#### WORK TO COMPLETE
Without copying the images, write out all the entries below verbatim.

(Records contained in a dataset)
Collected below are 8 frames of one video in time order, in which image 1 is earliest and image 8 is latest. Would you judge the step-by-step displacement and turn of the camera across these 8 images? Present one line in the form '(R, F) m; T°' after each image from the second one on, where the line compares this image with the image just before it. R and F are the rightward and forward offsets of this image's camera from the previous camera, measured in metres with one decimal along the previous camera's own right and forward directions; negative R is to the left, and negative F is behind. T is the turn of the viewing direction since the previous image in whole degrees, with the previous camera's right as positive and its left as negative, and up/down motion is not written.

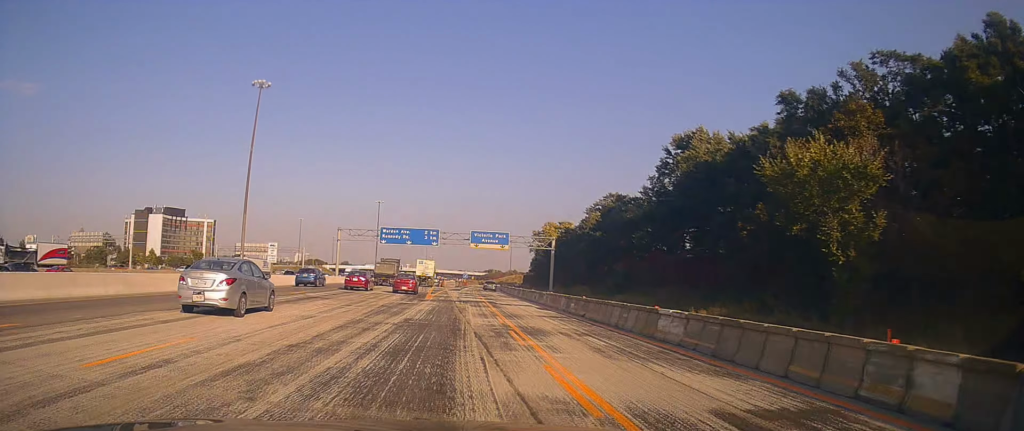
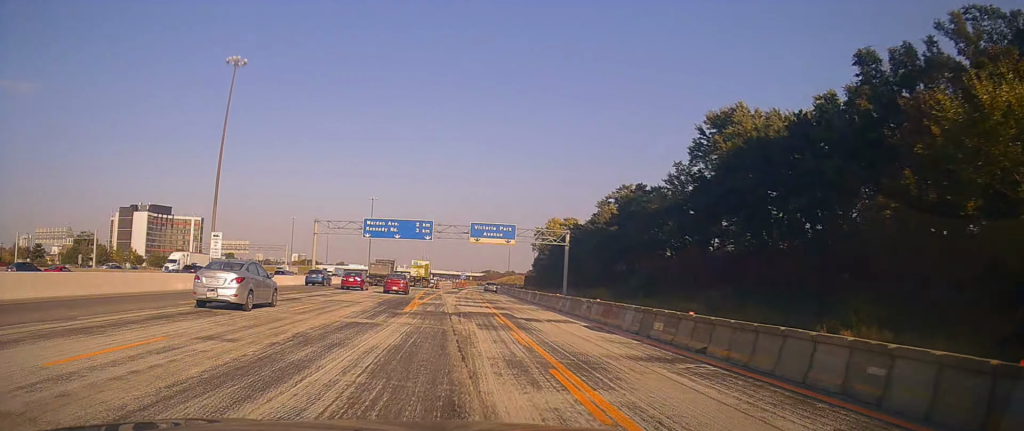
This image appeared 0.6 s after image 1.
(+0.3, +12.5) m; +1°
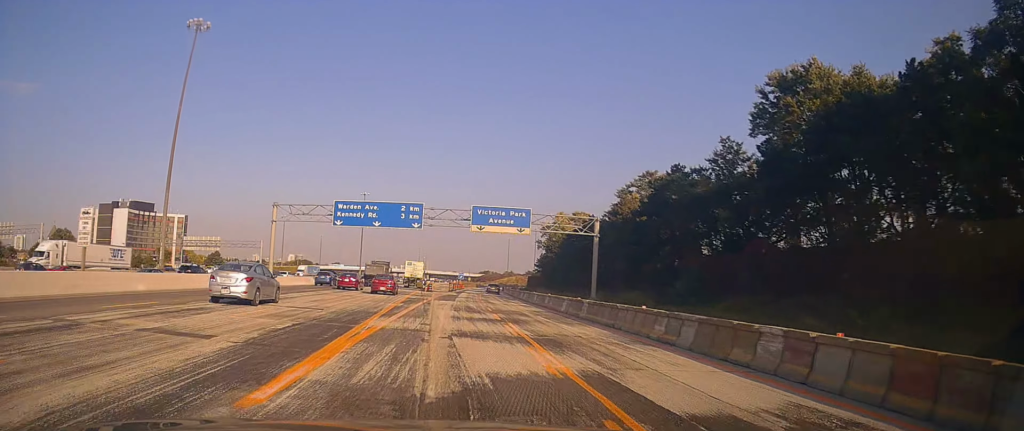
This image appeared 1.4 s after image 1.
(+0.2, +15.9) m; +1°
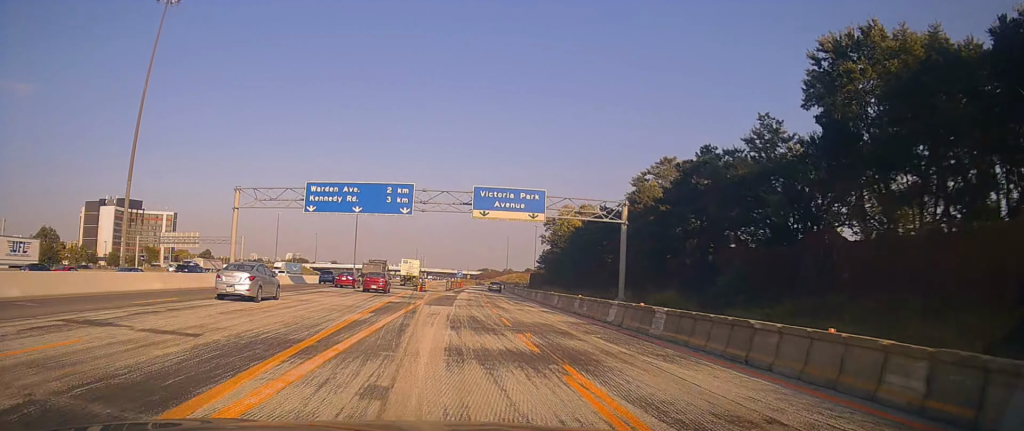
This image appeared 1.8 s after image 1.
(0.0, +9.6) m; 0°
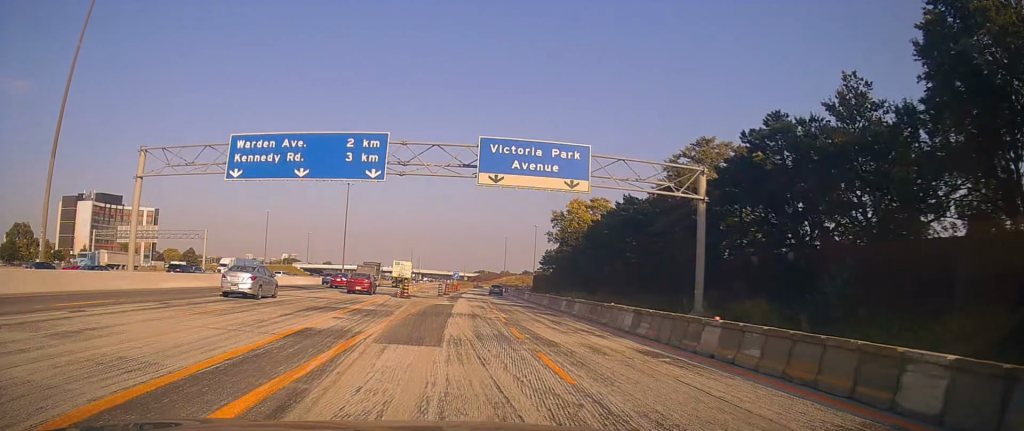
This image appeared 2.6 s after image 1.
(0.0, +15.1) m; 0°
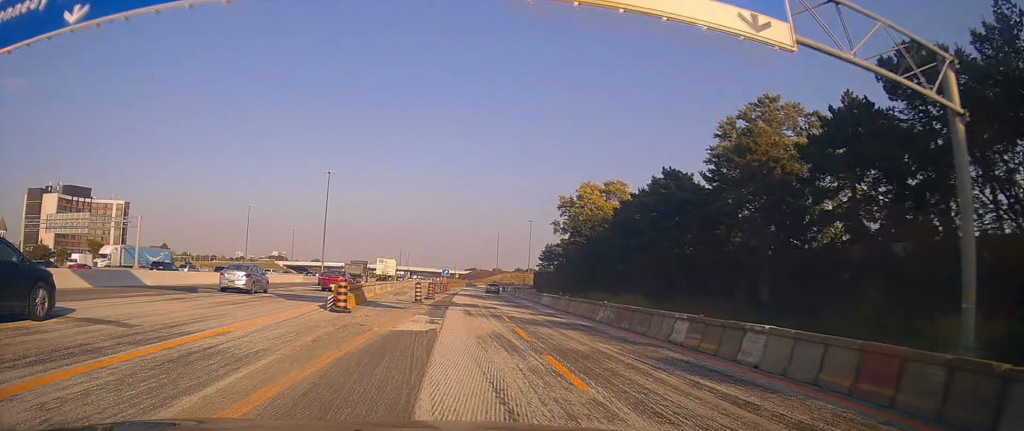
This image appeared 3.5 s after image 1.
(0.0, +18.6) m; +1°
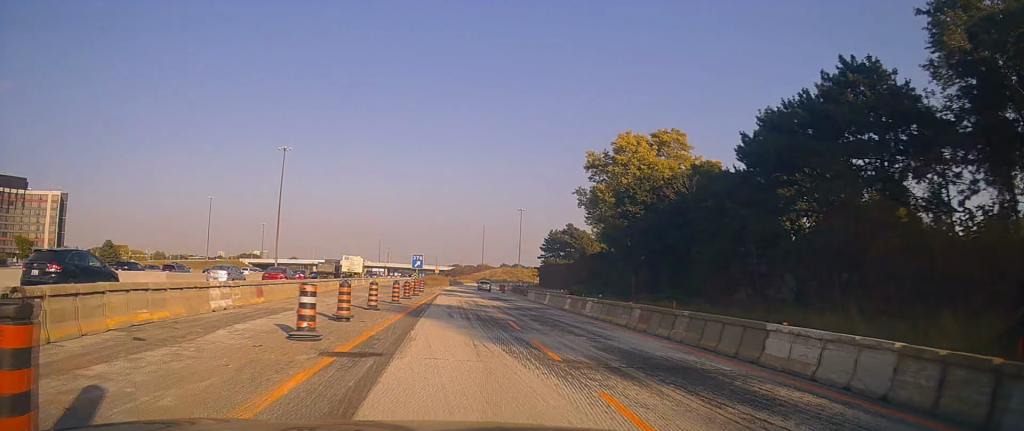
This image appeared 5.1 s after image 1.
(+0.8, +34.2) m; +2°
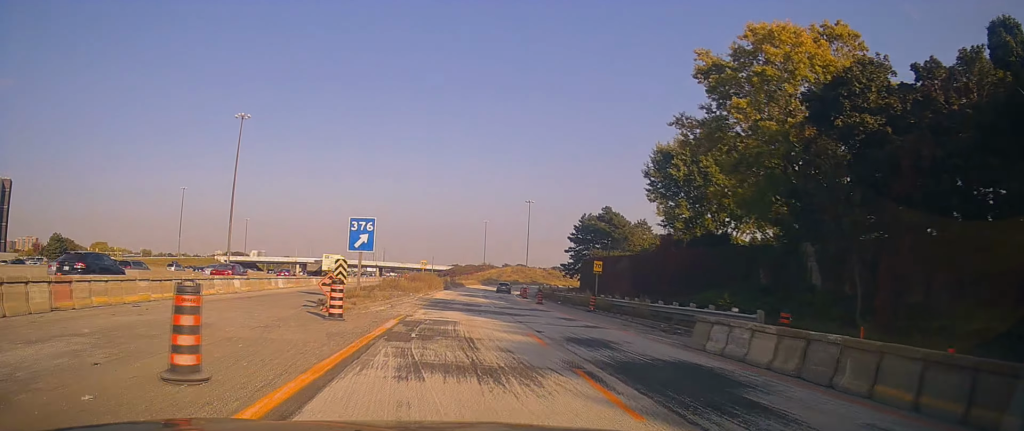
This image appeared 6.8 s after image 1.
(+0.1, +34.4) m; 0°
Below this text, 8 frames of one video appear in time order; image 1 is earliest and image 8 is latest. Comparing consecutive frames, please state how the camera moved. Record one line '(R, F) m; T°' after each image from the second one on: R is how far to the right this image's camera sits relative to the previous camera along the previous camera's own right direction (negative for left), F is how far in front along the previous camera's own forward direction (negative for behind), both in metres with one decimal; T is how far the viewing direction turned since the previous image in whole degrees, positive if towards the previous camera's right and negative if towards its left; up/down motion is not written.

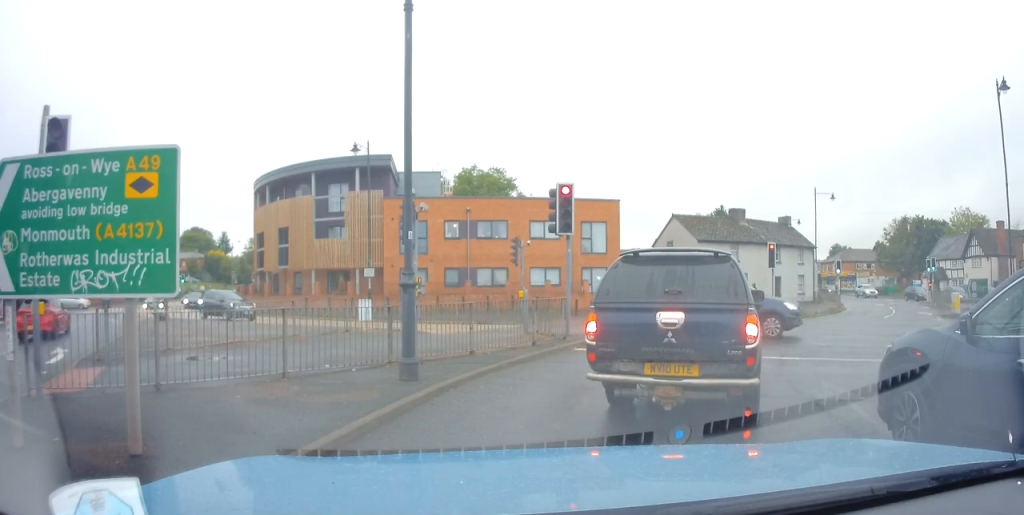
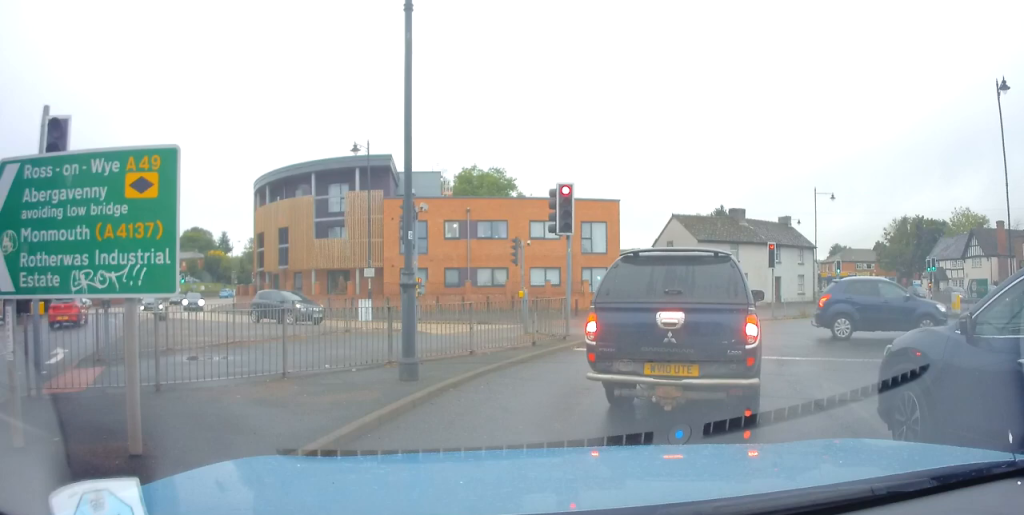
(0.0, 0.0) m; 0°
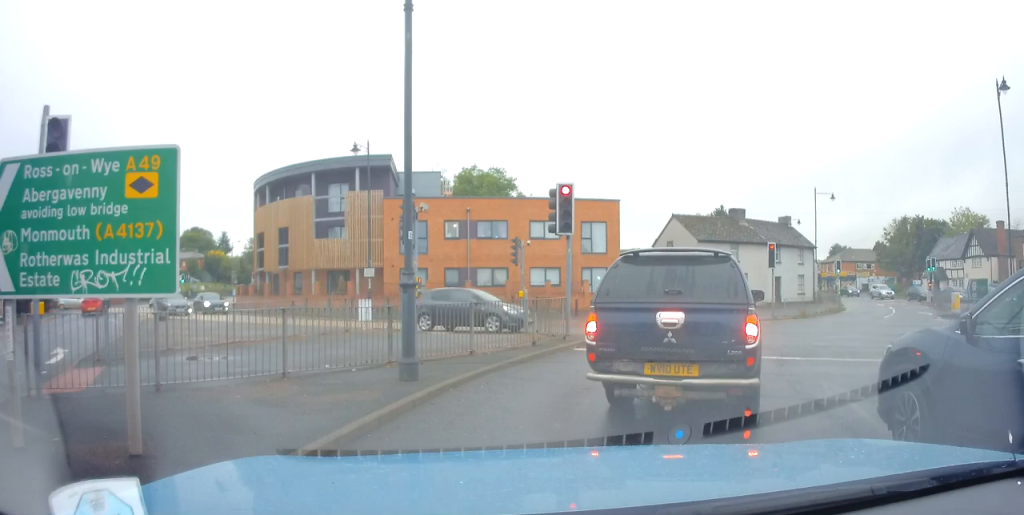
(0.0, 0.0) m; 0°
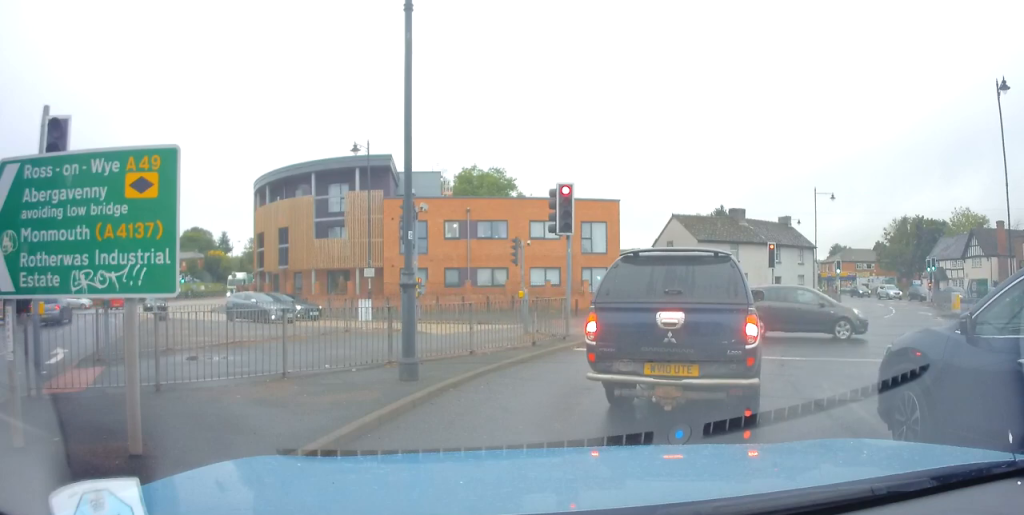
(0.0, 0.0) m; 0°
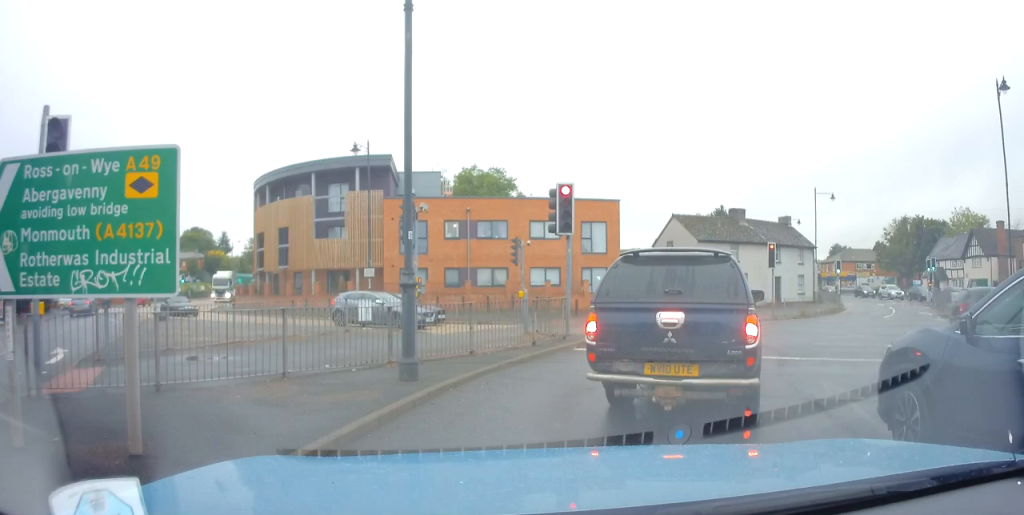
(0.0, 0.0) m; 0°
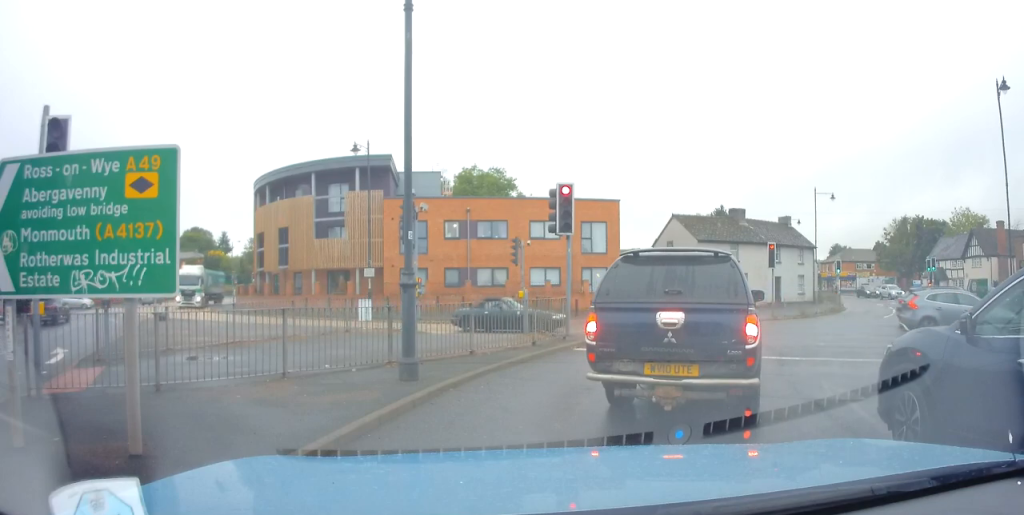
(0.0, 0.0) m; 0°
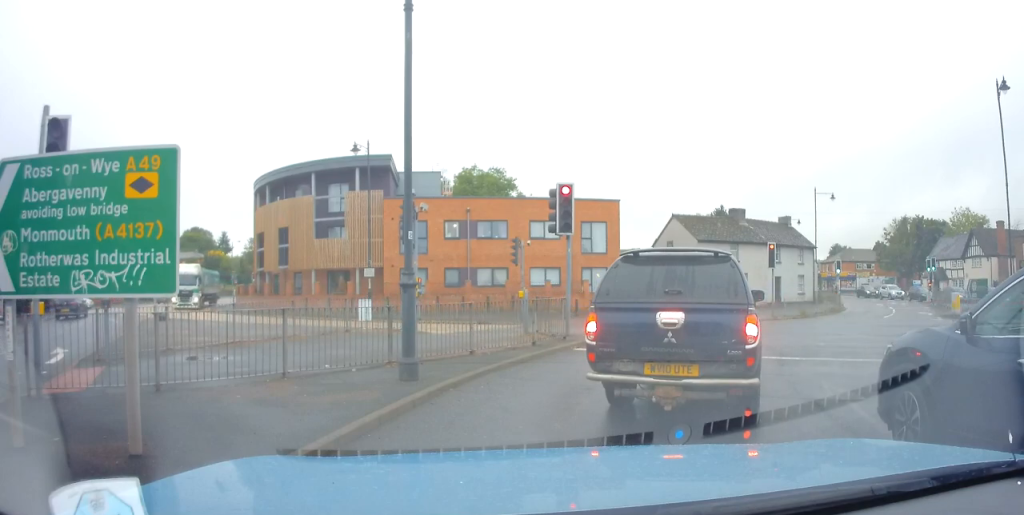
(0.0, 0.0) m; 0°
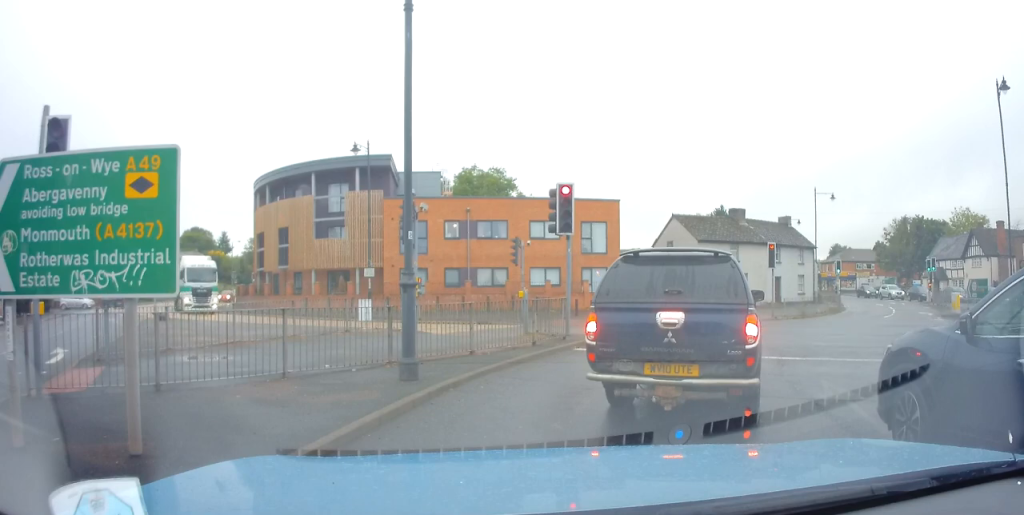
(0.0, 0.0) m; 0°
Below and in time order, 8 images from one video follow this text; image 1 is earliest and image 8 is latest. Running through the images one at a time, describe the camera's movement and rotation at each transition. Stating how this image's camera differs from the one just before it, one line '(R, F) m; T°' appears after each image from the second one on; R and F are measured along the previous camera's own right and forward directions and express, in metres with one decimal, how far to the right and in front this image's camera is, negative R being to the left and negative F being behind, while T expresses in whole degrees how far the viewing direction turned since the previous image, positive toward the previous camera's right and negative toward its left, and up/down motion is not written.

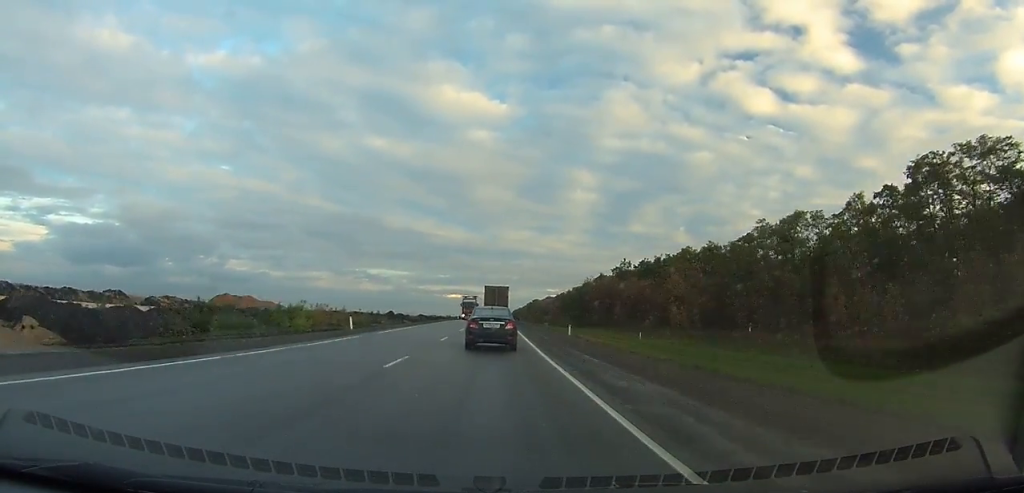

#### THE ANSWER
Collected below are 8 frames of one video in time order, in which image 1 is earliest and image 8 is latest. Would you judge the step-by-step displacement and turn of the camera across these 8 images? Present one line in the form '(R, F) m; T°' after each image from the second one on, where the line compares this image with the image just before it. R and F are the rightward and forward offsets of this image's camera from the previous camera, measured in metres with one decimal along the previous camera's own right and forward directions; negative R is to the left, and negative F is behind. T is the turn of the viewing direction since the previous image in whole degrees, with the previous camera's right as positive and its left as negative, and up/down motion is not written.

This image appeared 0.6 s after image 1.
(+0.3, +12.5) m; +1°
This image appeared 1.4 s after image 1.
(+0.2, +15.9) m; +1°
This image appeared 1.8 s after image 1.
(0.0, +9.6) m; 0°
This image appeared 2.6 s after image 1.
(0.0, +15.1) m; 0°
This image appeared 3.5 s after image 1.
(0.0, +18.6) m; +1°
This image appeared 5.1 s after image 1.
(+0.8, +34.2) m; +2°
This image appeared 6.8 s after image 1.
(+0.1, +34.4) m; 0°
Below this text, 8 frames of one video appear in time order; image 1 is earliest and image 8 is latest. Comparing consecutive frames, please state how the camera moved. Record one line '(R, F) m; T°' after each image from the second one on: R is how far to the right this image's camera sits relative to the previous camera along the previous camera's own right direction (negative for left), F is how far in front along the previous camera's own forward direction (negative for behind), both in metres with one decimal; T is how far the viewing direction turned since the previous image in whole degrees, positive if towards the previous camera's right and negative if towards its left; up/down motion is not written.

(0.0, 0.0) m; 0°
(0.0, 0.0) m; 0°
(0.0, 0.0) m; 0°
(0.0, 0.0) m; 0°
(0.0, 0.0) m; 0°
(0.0, 0.0) m; 0°
(0.0, 0.0) m; 0°
Below and in time order, 8 images from one video follow this text; image 1 is earliest and image 8 is latest. Running through the images one at a time, describe the camera's movement and rotation at each transition. Stating how this image's camera differs from the one just before it, one line '(R, F) m; T°' appears after each image from the second one on; R and F are measured along the previous camera's own right and forward directions and express, in metres with one decimal, how far to the right and in front this image's camera is, negative R being to the left and negative F being behind, while T expresses in whole degrees how far the viewing direction turned since the previous image, positive toward the previous camera's right and negative toward its left, and up/down motion is not written.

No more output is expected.